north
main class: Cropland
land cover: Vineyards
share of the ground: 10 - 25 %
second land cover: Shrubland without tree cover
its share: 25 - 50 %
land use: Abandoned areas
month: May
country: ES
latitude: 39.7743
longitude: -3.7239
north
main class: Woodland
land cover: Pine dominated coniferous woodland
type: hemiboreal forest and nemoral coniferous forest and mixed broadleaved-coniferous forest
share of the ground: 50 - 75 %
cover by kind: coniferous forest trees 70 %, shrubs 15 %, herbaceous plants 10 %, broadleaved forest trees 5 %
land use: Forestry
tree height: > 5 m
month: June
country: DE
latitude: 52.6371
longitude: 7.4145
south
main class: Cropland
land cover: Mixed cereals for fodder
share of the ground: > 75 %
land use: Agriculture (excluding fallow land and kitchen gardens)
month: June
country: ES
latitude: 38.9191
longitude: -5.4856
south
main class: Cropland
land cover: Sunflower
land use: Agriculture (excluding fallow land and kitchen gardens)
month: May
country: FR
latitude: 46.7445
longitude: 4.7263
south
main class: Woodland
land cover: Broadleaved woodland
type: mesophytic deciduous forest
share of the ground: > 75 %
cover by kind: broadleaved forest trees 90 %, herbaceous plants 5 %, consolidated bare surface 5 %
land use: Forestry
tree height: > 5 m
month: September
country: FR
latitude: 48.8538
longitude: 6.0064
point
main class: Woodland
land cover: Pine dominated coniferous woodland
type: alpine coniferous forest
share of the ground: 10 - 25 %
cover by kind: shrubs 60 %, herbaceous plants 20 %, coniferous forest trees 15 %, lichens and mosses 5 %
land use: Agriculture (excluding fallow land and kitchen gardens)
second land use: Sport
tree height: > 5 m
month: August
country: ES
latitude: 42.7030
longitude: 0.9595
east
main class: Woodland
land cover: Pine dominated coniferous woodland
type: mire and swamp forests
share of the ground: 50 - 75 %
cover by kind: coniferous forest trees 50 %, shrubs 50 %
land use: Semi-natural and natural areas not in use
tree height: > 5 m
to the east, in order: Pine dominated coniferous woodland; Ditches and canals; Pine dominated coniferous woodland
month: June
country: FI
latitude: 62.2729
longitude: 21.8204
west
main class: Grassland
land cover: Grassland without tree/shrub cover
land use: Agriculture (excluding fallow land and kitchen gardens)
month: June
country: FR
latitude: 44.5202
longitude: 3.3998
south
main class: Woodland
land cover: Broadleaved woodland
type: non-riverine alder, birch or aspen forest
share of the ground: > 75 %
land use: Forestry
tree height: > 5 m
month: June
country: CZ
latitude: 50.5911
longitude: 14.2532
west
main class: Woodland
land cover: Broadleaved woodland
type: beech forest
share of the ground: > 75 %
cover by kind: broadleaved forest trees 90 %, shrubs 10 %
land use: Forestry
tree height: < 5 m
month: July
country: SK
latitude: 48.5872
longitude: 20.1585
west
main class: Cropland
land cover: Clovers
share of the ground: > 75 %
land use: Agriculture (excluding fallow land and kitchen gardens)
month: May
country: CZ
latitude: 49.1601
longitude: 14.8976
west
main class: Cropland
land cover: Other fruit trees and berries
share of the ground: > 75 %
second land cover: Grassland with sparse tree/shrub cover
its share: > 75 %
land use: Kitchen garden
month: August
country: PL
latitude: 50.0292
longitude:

PROBLEM TO WORK ON: Start to finish, restate the records above word for word.

ANSWER BOX:
north
main class: Cropland
land cover: Vineyards
share of the ground: 10 - 25 %
second land cover: Shrubland without tree cover
its share: 25 - 50 %
land use: Abandoned areas
month: May
country: ES
latitude: 39.7743
longitude: -3.7239
north
main class: Woodland
land cover: Pine dominated coniferous woodland
type: hemiboreal forest and nemoral coniferous forest and mixed broadleaved-coniferous forest
share of the ground: 50 - 75 %
cover by kind: coniferous forest trees 70 %, shrubs 15 %, herbaceous plants 10 %, broadleaved forest trees 5 %
land use: Forestry
tree height: > 5 m
month: June
country: DE
latitude: 52.6371
longitude: 7.4145
south
main class: Cropland
land cover: Mixed cereals for fodder
share of the ground: > 75 %
land use: Agriculture (excluding fallow land and kitchen gardens)
month: June
country: ES
latitude: 38.9191
longitude: -5.4856
south
main class: Cropland
land cover: Sunflower
land use: Agriculture (excluding fallow land and kitchen gardens)
month: May
country: FR
latitude: 46.7445
longitude: 4.7263
south
main class: Woodland
land cover: Broadleaved woodland
type: mesophytic deciduous forest
share of the ground: > 75 %
cover by kind: broadleaved forest trees 90 %, herbaceous plants 5 %, consolidated bare surface 5 %
land use: Forestry
tree height: > 5 m
month: September
country: FR
latitude: 48.8538
longitude: 6.0064
point
main class: Woodland
land cover: Pine dominated coniferous woodland
type: alpine coniferous forest
share of the ground: 10 - 25 %
cover by kind: shrubs 60 %, herbaceous plants 20 %, coniferous forest trees 15 %, lichens and mosses 5 %
land use: Agriculture (excluding fallow land and kitchen gardens)
second land use: Sport
tree height: > 5 m
month: August
country: ES
latitude: 42.7030
longitude: 0.9595
east
main class: Woodland
land cover: Pine dominated coniferous woodland
type: mire and swamp forests
share of the ground: 50 - 75 %
cover by kind: coniferous forest trees 50 %, shrubs 50 %
land use: Semi-natural and natural areas not in use
tree height: > 5 m
to the east, in order: Pine dominated coniferous woodland; Ditches and canals; Pine dominated coniferous woodland
month: June
country: FI
latitude: 62.2729
longitude: 21.8204
west
main class: Grassland
land cover: Grassland without tree/shrub cover
land use: Agriculture (excluding fallow land and kitchen gardens)
month: June
country: FR
latitude: 44.5202
longitude: 3.3998
south
main class: Woodland
land cover: Broadleaved woodland
type: non-riverine alder, birch or aspen forest
share of the ground: > 75 %
land use: Forestry
tree height: > 5 m
month: June
country: CZ
latitude: 50.5911
longitude: 14.2532
west
main class: Woodland
land cover: Broadleaved woodland
type: beech forest
share of the ground: > 75 %
cover by kind: broadleaved forest trees 90 %, shrubs 10 %
land use: Forestry
tree height: < 5 m
month: July
country: SK
latitude: 48.5872
longitude: 20.1585
west
main class: Cropland
land cover: Clovers
share of the ground: > 75 %
land use: Agriculture (excluding fallow land and kitchen gardens)
month: May
country: CZ
latitude: 49.1601
longitude: 14.8976
west
main class: Cropland
land cover: Other fruit trees and berries
share of the ground: > 75 %
second land cover: Grassland with sparse tree/shrub cover
its share: > 75 %
land use: Kitchen garden
month: August
country: PL
latitude: 50.0292
longitude:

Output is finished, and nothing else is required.